**Exercise goal**
Copy task. Retype the whole listing exactly, omitting any picture in it.

**Exercise materials**
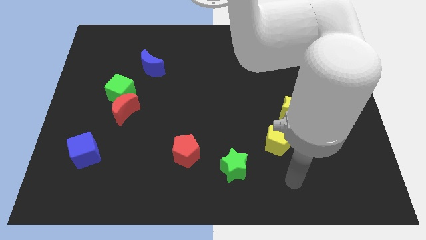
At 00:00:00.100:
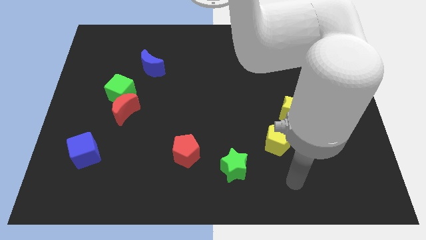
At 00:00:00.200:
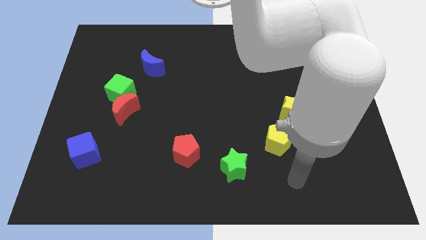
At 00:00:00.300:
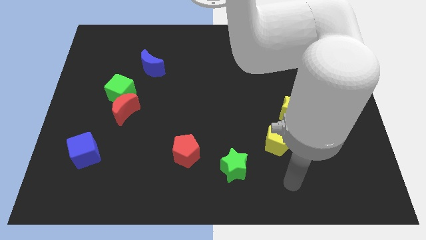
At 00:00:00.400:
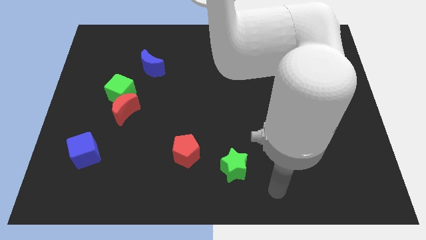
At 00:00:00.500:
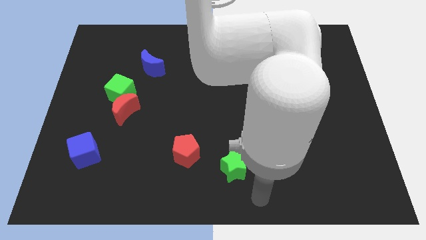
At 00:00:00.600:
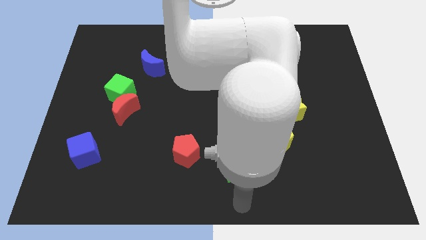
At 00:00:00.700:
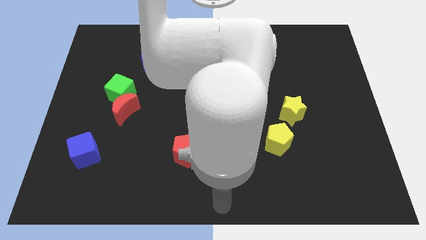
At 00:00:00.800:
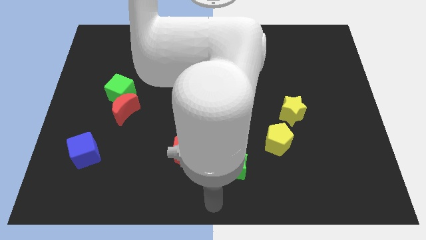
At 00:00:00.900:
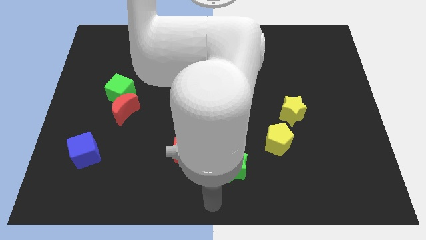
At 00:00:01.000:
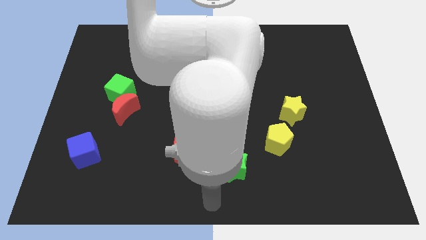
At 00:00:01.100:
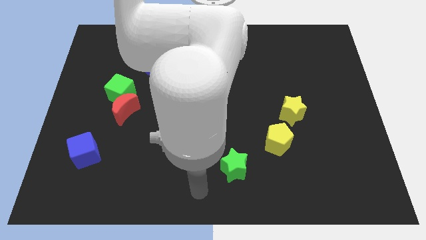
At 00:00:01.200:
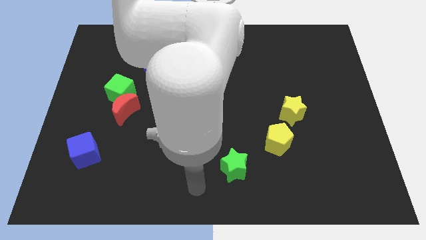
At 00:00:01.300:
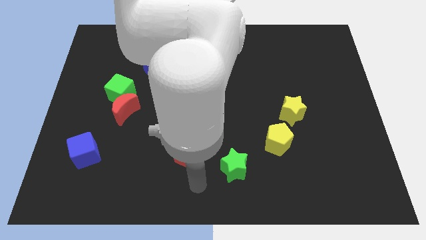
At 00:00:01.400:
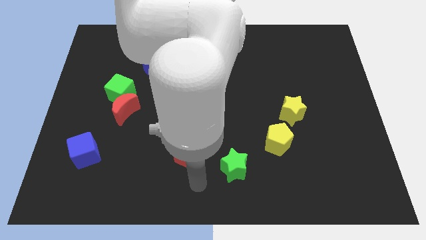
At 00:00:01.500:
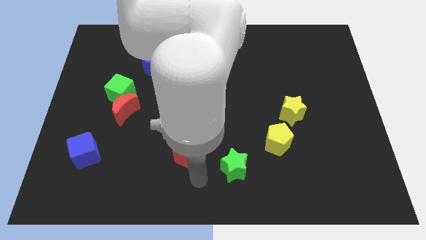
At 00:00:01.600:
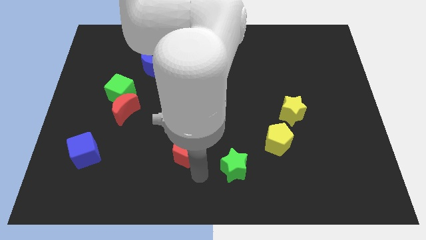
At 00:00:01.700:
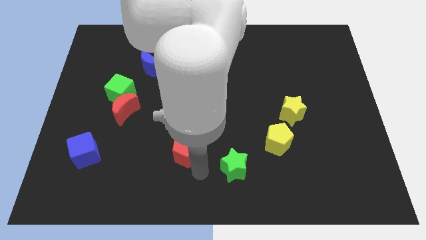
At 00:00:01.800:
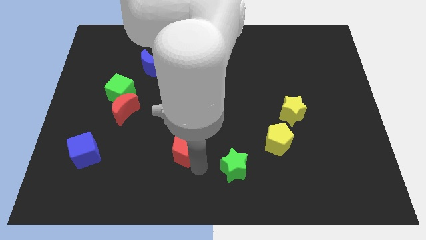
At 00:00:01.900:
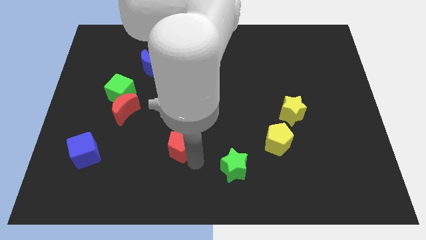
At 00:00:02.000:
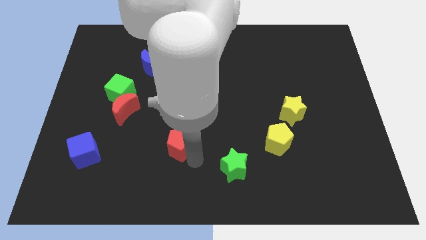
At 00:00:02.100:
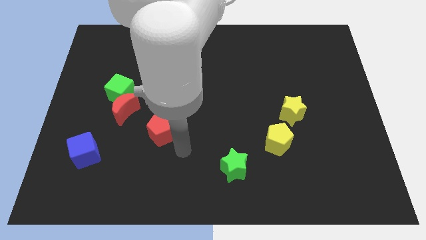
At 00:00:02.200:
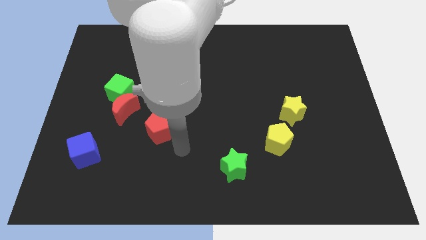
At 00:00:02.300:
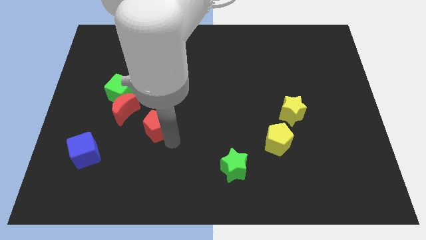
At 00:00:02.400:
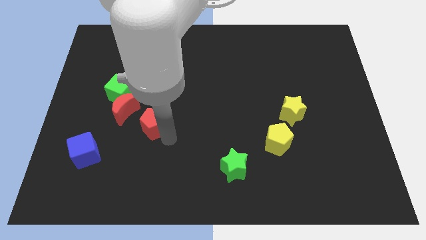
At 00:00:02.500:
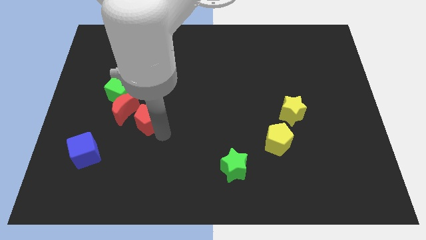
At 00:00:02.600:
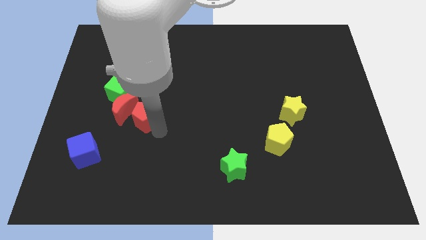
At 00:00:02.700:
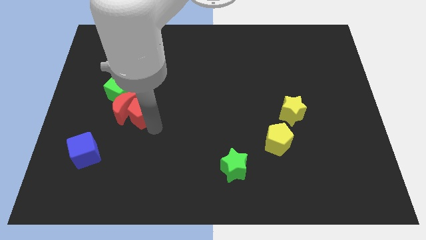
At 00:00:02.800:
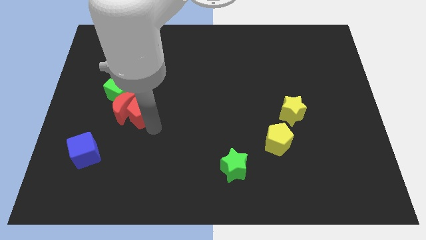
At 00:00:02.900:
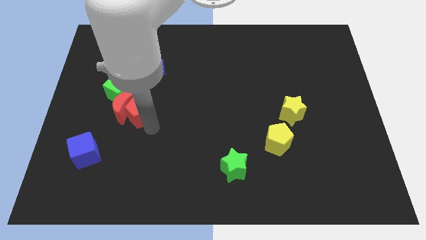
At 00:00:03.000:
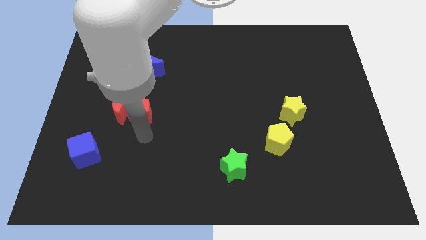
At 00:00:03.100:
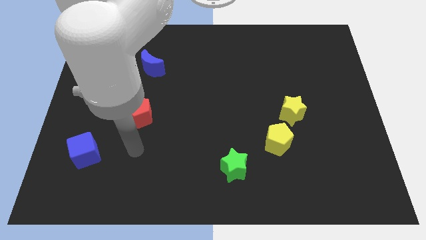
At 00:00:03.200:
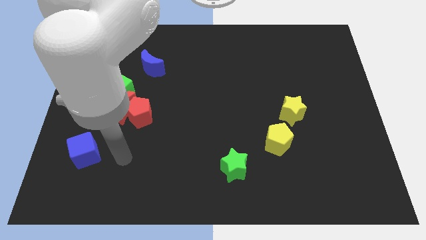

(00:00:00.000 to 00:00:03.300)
push the red pentagon to the right of the red crescent

**Response below**
At 00:00:00.100:
At 00:00:00.200:
At 00:00:00.300:
At 00:00:00.400:
At 00:00:00.500:
At 00:00:00.600:
At 00:00:00.700:
At 00:00:00.800:
At 00:00:00.900:
At 00:00:01.000:
At 00:00:01.100:
At 00:00:01.200:
At 00:00:01.300:
At 00:00:01.400:
At 00:00:01.500:
At 00:00:01.600:
At 00:00:01.700:
At 00:00:01.800:
At 00:00:01.900:
At 00:00:02.000:
At 00:00:02.100:
At 00:00:02.200:
At 00:00:02.300:
At 00:00:02.400:
At 00:00:02.500:
At 00:00:02.600:
At 00:00:02.700:
At 00:00:02.800:
At 00:00:02.900:
At 00:00:03.000:
At 00:00:03.100:
At 00:00:03.200:

(00:00:00.000 to 00:00:03.300)
push the red pentagon to the right of the red crescent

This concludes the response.